C'est en Pennsylvanie que la société de VTC relance son programme de développement de véhicules autonomes.

Suite à un accident survenu dans la ville de Tempe, en Arizona, aux États-Unis, le spécialiste des VTC s'était vu interdire l'expérimentation de ses véhicules autonomes en mars 2018. Un coup dur pour Uber qui avait investi des millions d'euros dans la recherche et le développement. Pour rappel, l'accident avait impliqué un Volvo XC90 équipé d'un système de conduite autonome faisant parti de la flotte d'Uber et une femme qui traversait en dehors d'un passage pour piétons.
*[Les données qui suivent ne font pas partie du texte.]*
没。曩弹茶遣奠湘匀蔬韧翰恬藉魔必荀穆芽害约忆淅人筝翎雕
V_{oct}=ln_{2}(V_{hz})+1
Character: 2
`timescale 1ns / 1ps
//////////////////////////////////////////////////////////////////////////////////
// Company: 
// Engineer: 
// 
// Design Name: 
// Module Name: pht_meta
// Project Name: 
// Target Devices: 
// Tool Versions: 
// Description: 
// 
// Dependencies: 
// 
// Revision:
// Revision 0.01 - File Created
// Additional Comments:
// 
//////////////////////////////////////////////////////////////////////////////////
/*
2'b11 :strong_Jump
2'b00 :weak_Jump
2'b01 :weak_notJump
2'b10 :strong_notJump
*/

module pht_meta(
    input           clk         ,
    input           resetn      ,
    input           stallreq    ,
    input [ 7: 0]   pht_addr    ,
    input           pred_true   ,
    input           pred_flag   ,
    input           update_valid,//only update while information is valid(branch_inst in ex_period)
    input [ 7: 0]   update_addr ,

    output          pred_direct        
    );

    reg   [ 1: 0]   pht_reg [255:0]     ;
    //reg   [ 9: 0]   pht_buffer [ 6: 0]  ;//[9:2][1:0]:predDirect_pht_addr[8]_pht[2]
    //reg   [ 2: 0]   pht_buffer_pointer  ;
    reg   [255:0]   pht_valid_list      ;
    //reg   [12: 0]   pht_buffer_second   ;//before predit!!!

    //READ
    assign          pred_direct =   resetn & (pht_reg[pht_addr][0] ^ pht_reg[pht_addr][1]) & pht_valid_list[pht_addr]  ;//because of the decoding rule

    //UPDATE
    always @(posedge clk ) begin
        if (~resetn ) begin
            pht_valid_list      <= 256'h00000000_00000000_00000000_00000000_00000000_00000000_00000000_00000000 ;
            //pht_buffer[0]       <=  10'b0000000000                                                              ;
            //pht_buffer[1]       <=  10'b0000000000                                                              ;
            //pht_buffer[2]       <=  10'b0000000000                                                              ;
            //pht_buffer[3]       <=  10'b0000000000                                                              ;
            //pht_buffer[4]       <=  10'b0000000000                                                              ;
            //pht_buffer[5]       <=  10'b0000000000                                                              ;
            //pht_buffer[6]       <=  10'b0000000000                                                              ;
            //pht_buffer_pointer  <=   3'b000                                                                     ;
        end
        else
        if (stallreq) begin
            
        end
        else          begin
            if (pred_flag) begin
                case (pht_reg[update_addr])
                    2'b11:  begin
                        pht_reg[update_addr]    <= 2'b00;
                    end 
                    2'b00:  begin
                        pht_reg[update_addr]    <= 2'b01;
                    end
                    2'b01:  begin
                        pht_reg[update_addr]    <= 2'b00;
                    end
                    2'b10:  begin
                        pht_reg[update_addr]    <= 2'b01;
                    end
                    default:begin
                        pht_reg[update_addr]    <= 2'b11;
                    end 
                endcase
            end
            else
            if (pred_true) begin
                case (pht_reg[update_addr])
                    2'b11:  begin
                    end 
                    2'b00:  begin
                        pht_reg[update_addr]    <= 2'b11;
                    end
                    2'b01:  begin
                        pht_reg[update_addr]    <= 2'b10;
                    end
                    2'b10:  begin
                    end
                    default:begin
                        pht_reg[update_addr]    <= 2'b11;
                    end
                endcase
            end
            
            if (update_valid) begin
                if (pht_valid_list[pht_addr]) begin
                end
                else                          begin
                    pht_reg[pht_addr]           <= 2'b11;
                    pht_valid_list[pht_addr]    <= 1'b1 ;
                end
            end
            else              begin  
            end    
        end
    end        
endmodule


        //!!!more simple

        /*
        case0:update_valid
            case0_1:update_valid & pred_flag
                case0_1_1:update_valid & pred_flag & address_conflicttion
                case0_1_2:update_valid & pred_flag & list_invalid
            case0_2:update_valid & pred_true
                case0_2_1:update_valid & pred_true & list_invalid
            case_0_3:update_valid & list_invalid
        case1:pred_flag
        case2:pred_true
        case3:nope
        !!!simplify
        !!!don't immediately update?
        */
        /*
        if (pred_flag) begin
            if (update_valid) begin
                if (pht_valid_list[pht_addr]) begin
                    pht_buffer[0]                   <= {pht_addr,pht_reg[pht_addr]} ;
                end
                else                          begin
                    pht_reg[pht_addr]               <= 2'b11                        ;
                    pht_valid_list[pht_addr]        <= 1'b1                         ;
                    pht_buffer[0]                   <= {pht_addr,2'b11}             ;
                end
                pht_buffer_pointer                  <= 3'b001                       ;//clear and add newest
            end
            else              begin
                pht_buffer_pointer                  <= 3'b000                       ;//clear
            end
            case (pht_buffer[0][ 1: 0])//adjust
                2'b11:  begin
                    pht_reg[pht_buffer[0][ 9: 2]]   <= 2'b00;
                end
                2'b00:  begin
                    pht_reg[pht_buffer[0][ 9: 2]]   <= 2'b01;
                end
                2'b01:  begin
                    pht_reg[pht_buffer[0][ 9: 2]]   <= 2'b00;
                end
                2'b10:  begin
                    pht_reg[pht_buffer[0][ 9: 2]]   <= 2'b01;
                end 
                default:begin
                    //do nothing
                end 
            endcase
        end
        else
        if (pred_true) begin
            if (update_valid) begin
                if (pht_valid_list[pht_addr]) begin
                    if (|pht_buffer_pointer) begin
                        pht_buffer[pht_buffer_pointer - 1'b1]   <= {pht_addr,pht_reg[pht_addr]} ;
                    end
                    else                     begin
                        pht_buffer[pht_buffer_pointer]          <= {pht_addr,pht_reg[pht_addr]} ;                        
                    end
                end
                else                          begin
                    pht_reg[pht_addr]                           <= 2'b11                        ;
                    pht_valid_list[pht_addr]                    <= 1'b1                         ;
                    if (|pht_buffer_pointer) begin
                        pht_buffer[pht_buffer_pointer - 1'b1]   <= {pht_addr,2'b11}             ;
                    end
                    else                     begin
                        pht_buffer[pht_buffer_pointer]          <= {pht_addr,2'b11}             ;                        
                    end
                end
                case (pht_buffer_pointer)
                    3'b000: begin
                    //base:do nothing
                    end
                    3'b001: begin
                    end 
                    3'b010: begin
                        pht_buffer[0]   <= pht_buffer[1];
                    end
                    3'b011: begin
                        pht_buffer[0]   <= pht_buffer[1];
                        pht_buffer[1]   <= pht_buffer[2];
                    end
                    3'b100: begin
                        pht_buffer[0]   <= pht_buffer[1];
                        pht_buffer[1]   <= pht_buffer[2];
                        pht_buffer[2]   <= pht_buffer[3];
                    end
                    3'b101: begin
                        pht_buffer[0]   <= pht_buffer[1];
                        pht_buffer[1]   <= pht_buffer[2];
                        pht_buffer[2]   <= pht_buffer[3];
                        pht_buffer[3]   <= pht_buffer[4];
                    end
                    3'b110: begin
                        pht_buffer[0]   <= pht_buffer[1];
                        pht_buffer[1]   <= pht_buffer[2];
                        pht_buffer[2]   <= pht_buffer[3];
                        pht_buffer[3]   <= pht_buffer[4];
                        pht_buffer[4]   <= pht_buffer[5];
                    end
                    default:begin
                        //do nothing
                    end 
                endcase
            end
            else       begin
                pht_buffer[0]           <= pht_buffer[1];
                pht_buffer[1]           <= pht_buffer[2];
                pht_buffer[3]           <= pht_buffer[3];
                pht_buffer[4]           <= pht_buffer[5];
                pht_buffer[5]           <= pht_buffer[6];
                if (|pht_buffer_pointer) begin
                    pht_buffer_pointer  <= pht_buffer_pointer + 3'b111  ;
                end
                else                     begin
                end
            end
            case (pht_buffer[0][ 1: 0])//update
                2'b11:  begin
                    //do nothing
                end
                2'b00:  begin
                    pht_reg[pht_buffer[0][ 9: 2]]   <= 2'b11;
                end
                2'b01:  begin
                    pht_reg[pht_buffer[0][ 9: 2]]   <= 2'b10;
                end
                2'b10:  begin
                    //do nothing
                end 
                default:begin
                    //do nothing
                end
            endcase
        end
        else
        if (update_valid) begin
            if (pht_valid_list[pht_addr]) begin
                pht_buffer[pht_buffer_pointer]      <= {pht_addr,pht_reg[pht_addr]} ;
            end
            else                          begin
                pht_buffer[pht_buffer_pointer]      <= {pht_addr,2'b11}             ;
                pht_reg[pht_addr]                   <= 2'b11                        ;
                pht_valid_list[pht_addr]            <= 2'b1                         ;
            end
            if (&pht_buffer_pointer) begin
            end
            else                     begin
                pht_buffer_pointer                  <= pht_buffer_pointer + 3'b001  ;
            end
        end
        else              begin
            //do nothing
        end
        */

Mardi 18 décembre 2018, Uber a de nouveau eu l'autorisation d'expérimenter ses voitures autonomes, non plus en Arizona, mais en Pennsylvanie près du centre-ville de Pittsburg. Ces essais seront toutefois beaucoup plus encadrés. En effet, ils seront maintenant effectués sur un court trajet entre deux sites appartenant à la société. Ces même tests n'auront plus lieu la nuit, sous la pluie ou encore dans des zones très fréquentées. La vitesse est également contrôlée puisque les voitures rouleront, au maximum, à 40 km/h. Les voitures seront toujours encadrées par la présence de deux personnes à bord, deux opérateurs, et non plus une tierce personne comme pouvait avoir recours Uber par le passé. En complément de son logiciel de conduite autonome, Uber a également activer le système de freinage automatique d'urgence des Volvo XC90.

Concernant le véhicule en question, un Volvo XC90 donc, le constructeur suédois s'est défendu : "Les ingénieurs de Volvo Cars ont travaillé en étroite collaboration avec ceux d'Uber pour développer les XC90 qui constituent la flotte du géant du transport. Les véhicules de base intègrent toute la sécurité, la redondance et la technologie de conduite autonome requises par Uber pour ajouter ses propres systèmes de conduite autonome". Une déclaration pas vraiment surprenante de la part de Volvo qui, pour rappel, prône depuis des années la sécurité.

Dans tous les cas, depuis l'accident survenu en mars dernier, une enquête est toujours ouverte par le Conseil national de la sécurité des transports. Ses conclusions sont attendues en 2019. Uber continue toutefois ses tests, de manière plus discrète cependant, mais l'entreprise de VTC a aussi besoin de rendre des comptes concernant l'avancée de ses tests, notamment si elle souhaite entrer en Bourse prochainement, comme cela semble prévu. Rappelons également qu'Uber n'est pas la seule société a avoir rencontré des problèmes. En mai 2016, une Tesla Model S qui circulait avec le système Autopilot, a percuté un homme causant ainsi son décès.